Greetings! I’m new here, but not new to Home Assistant. This is my first public project for HA, and I wanted to enter the scene with a bang. As a new user, I am limited to two links in a post. I will link to Amniotic and to Sonorium github repos.
Some quick background. I’m a Sr. IT Systems Engineer that is AuDHD. What does this mean? I’m on the autism spectrum and I have a nasty case of ADHD. I am sound, light, and touch sensitive, and usually need some form of white noise or background ambiance in order to distract the part of my brain that is good at distracting the rest of my brain. Ambient sound = ability to concentrate, and when I have moments of crisis that require I step away from what is triggering it, I will throw ambient audio on, fire up all of the RGBs I can, and just sit and watch the lights swirl while a digital thunderstorm plays in the house.
Sonorium is a Home Assistant addon that I have been working on for some time. It lets you create immersive ambient audio environments throughout your home.
Acknowledgements
First and foremost—Sonorium is a fork of Amniotic by fmtr. The original Amniotic project laid the groundwork with its innovative approach to ambient soundscape mixing in Home Assistant. I’m grateful for the time, effort, and creativity that went into building the foundation that Sonorium is built upon.

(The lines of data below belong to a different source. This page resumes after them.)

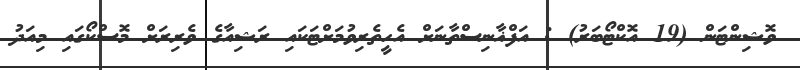
ވޮޝިންޓަން (19 އޮކްޓޯބަރު) : އަފްޣާނިސްތާނަށް އެހީތެރިވުމަށްޓަކައި ރަޝިއާގެ ވެރިރަށް މޮސްކޯގައި މިއަދު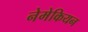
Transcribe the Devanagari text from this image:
नेमेकियन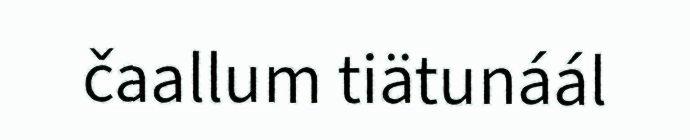
čaallum tiätunáál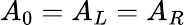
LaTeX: A_{0}=A_{L}=A_{R}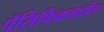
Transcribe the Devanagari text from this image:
पॅसिफिकमधील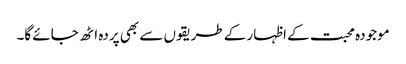
موجودہ محبت کے اظہار کے طریقوں سے بھی پردہ اٹھ جائے گا۔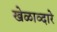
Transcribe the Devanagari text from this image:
खेळाव्दारे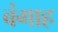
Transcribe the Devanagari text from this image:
बंगाह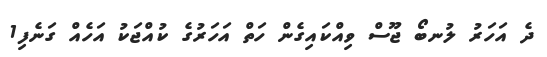
ދެ އަހަރު ލުނބޯ ޖޫސް ވިއްކައިގެން ހަތް އަހަރުގެ ކުއްޖަކު އަހެއް ގަނެފި1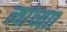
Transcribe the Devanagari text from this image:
त्यांच्याा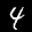
Label: 4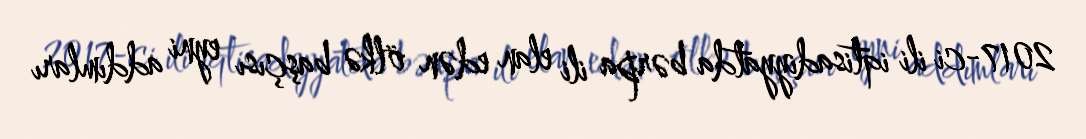
2017-ci ili iqtisadiyyatda bərpa ili elan edən ölkə başçısı eyni addımları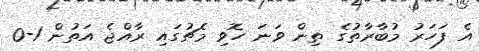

Amniotic did not have device streaming when I initially started this project, and it was a function that I desperately needed. It turns out that it was recently added, so I was able to build upon that work to turn this into what I needed.
What Does It Do?
Sonorium streams richly layered ambient soundscapes—rain, thunder, forest sounds, ocean waves, whatever you like—to any combination of media players in your Home Assistant setup. Think of it as your own personal ambient sound station that can target individual speakers, entire rooms, floors, or custom speaker groups.
Key Features
- Multi-Channel Audio – Run up to 6 independent audio channels simultaneously, each playing its own theme to different speakers
- Theme-Based Organization – Drop your audio files into themed folders (Thunder, Forest, Ocean, etc.) and Sonorium automatically mixes all tracks together
- Seamless Looping – Equal-power crossfade looping means no jarring restarts, even for single-file themes
- Modern Web UI – Dark theme, responsive design, real-time status, drag-and-drop file uploads
- Home Assistant Integration – Sidebar access via ingress, automatic media player discovery, area and floor awareness
Why Ambient Sound?
Beyond just sounding nice, ambient soundscapes can be genuinely helpful for focus, sleep, and mental wellness. Nature sounds and white noise can assist with concentration (especially helpful for ADHD), mask trigger sounds for those with misophonia, provide soothing auditory input for sensory processing differences, and promote relaxation by activating the parasympathetic nervous system. The README has links to some of the research if you’re curious.
Installation
One-Click and manual installation instructions are available on the github repo at :
Quick Start
Themes are collections of audio files that blend together to create a soundscape. A “Thunder” theme might contain distant rumbles, rain on a roof, and the occasional crack of lightning—Sonorium mixes them all in real-time with seamless crossfade looping. Yes, even a single audio file will crossfade loop to avoid abrupt transitions from start/stop actions of the audio file. You can source these most anywhere, but freesound.org has a lot of very nice pre-recorded ambient audio.
Channels are independent audio streams. Each channel plays one theme and sends it to your chosen speakers. Run up to 6 channels simultaneously—maybe rain in the bedroom, forest sounds in the office, and ocean waves in the living room.
Speaker Organization pulls directly from your Home Assistant setup. Sonorium sees your floors, areas, and individual media players, so you can target “Kitchen Speaker” or select an entire floor with one click.
Getting Started:
- Open Sonorium from your HA sidebar
- Create a theme through the UI—give it a name, assign a category if you want, add a description, and upload your audio files (MP3, WAV, FLAC, OGG) all in one shot
- Create a channel, pick your theme and speakers, hit play
That’s it—ambient soundscapes flowing through your home.
What’s Next?
The roadmap includes Home Assistant entity integration (so channels become controllable media_player entities you can use in automations and dashboards), automatic theme cycling, live speaker management, per-track volume control, and eventually a standalone Docker deployment for those running without HA.
I’d love to hear your feedback, feature ideas, or bug reports. Thanks for checking it out!